De DNRI was gevestigd in een grote betonnen kolos, waarachter je als je goed keek, het gebouw van de nationale veiligheidsdienst kon ontwaren. Beide gebouwen oogden weinig toegankelijk, hetgeen natuurlijk ook de bedoeling was.
De Cock wist dat Gerrit Beumer in dat betonnen gebouw zijn kantoor had, maar zekerheid dat hij tot hem zou worden toegelaten, had hij niet. Hij had zijn bezoek niet willen aankondigen om geen slapende honden wakker te maken.
‘Blijf jij maar in de auto wachten. Ze vinden hier één indringer al meer dan genoeg.’ Hij klopte Vledder op zijn schouder en stapte uit.

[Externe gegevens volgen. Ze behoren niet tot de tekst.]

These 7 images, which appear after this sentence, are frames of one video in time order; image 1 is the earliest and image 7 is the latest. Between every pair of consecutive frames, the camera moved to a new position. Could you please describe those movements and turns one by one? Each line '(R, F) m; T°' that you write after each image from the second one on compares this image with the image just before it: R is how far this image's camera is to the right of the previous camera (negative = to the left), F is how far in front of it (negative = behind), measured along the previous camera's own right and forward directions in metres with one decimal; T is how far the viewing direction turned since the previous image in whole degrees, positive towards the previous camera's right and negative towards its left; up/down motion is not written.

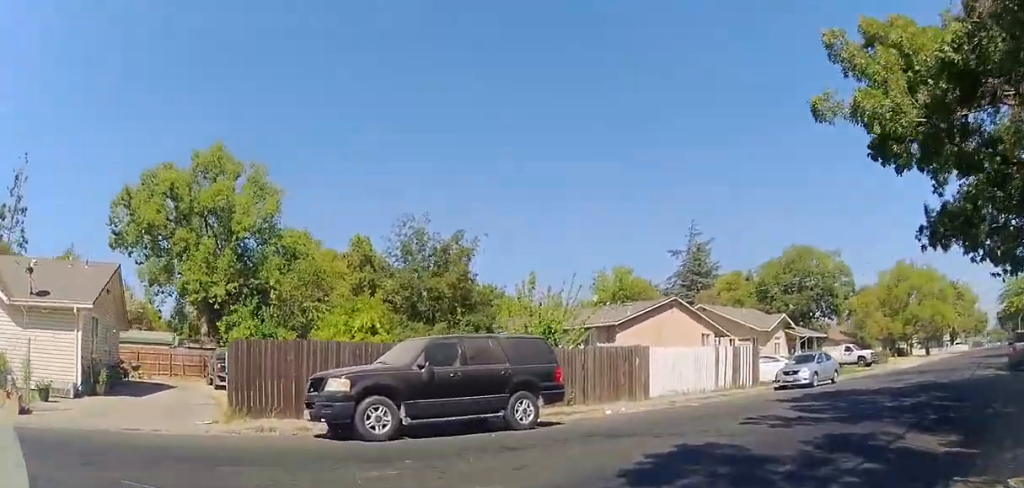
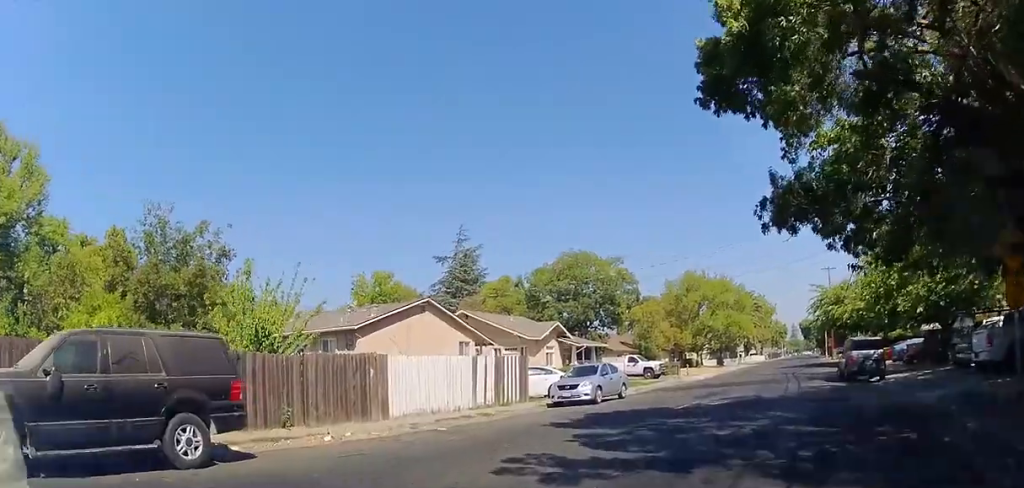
(+0.3, +2.8) m; +6°
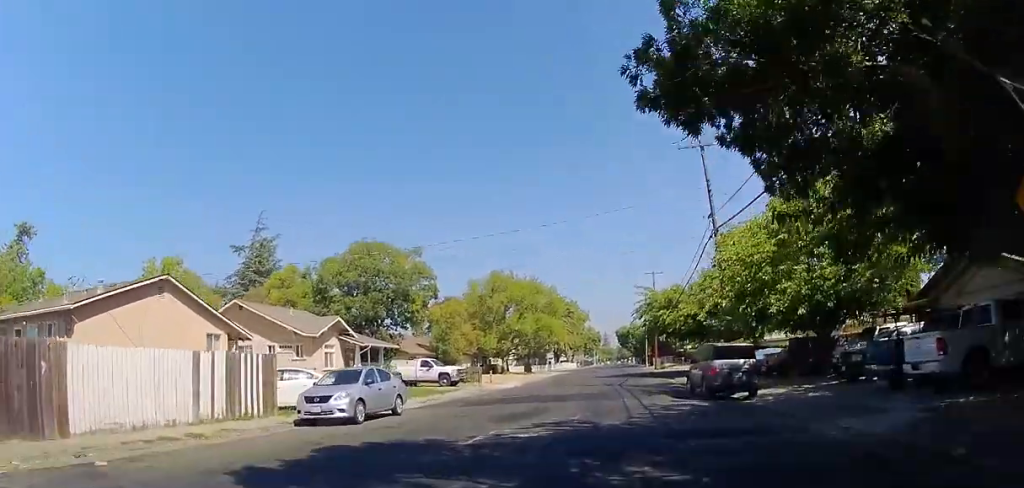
(0.0, +3.5) m; 0°
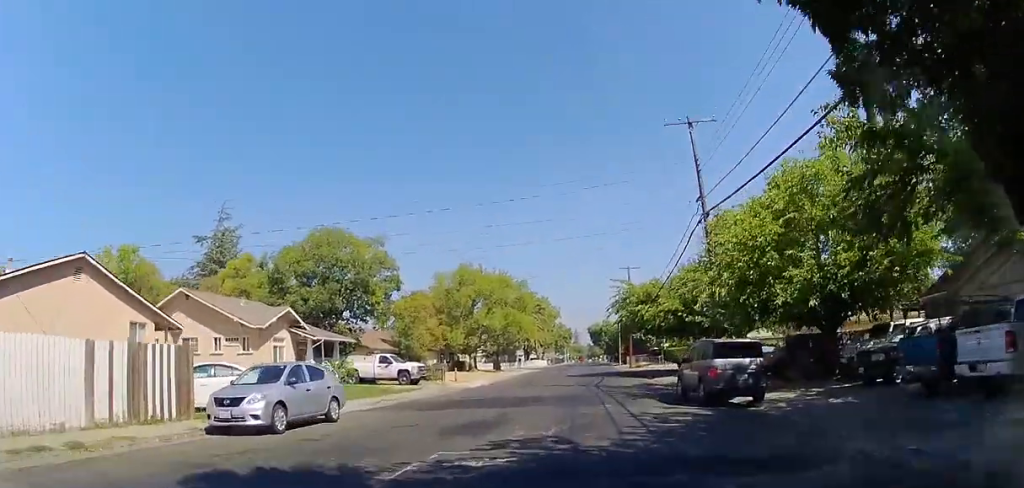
(0.0, +2.0) m; +1°
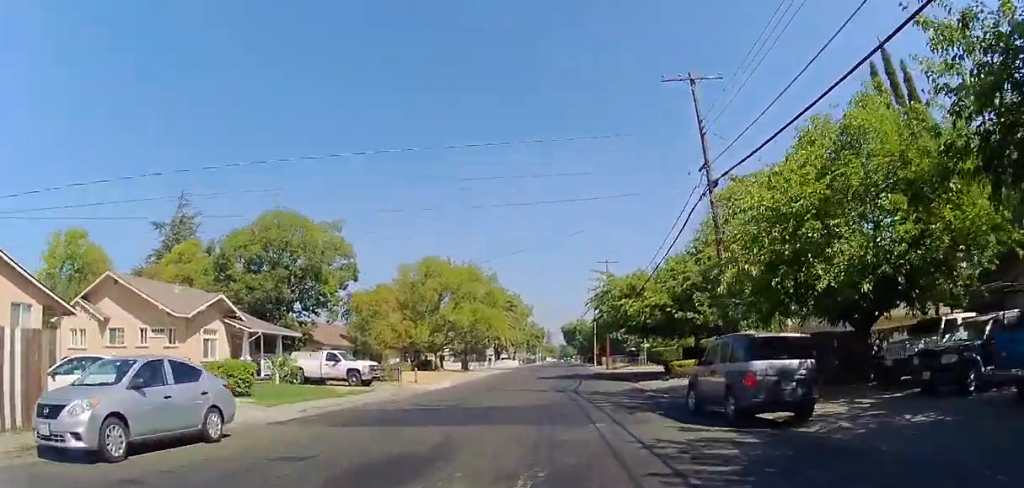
(0.0, +2.7) m; +1°
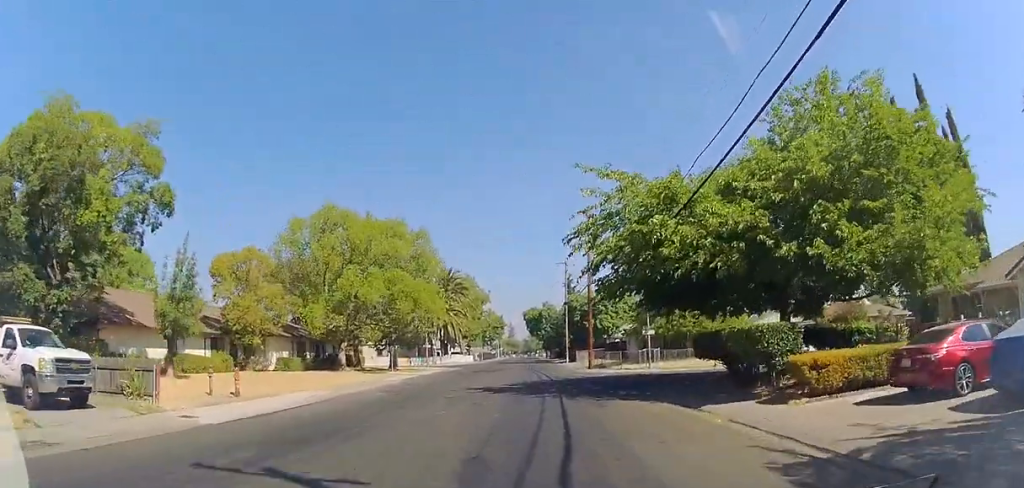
(+2.8, +15.3) m; +18°
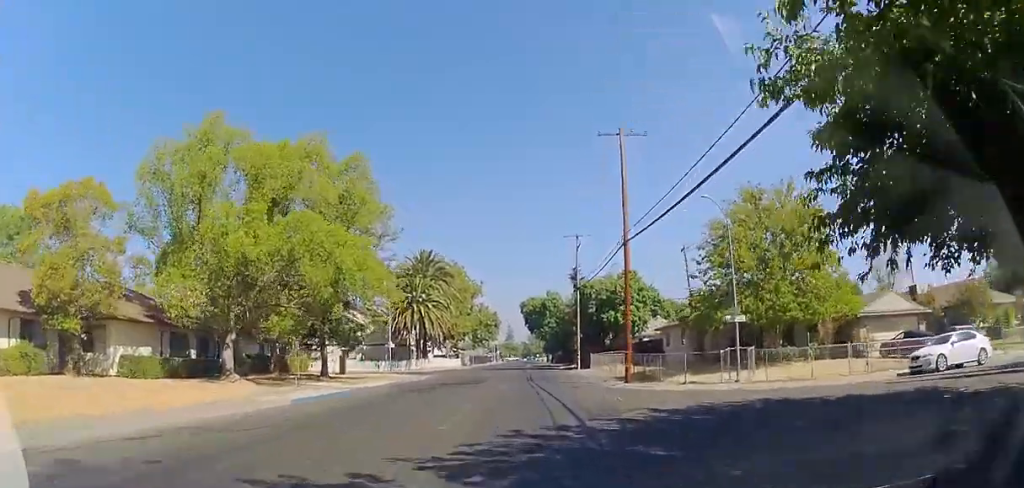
(+0.2, +16.3) m; -1°

Het zou natuurlijk zomaar kunnen dat Gerrit hem geen toegang zou willen verschaffen. De Cock had besloten om het eropaan te laten komen en te vertrouwen op zijn intuïtie.
Het was niet erg druk in de grote centrale hal. De zitjes voor bezoekers oogden verlaten. Achter de balie bedienden twee medewerkers met headsets op de telefoon via hun computer en een derde stond te praten met een diender die half over de balie hing en blijkbaar een leuk verhaal vertelde, want de man achter de balie moest schateren van het lachen. De toegang tot de rest van het gebouw was afgesloten door een halfhoge glazen wand die op twee plekken werd onderbroken door een tourniquet.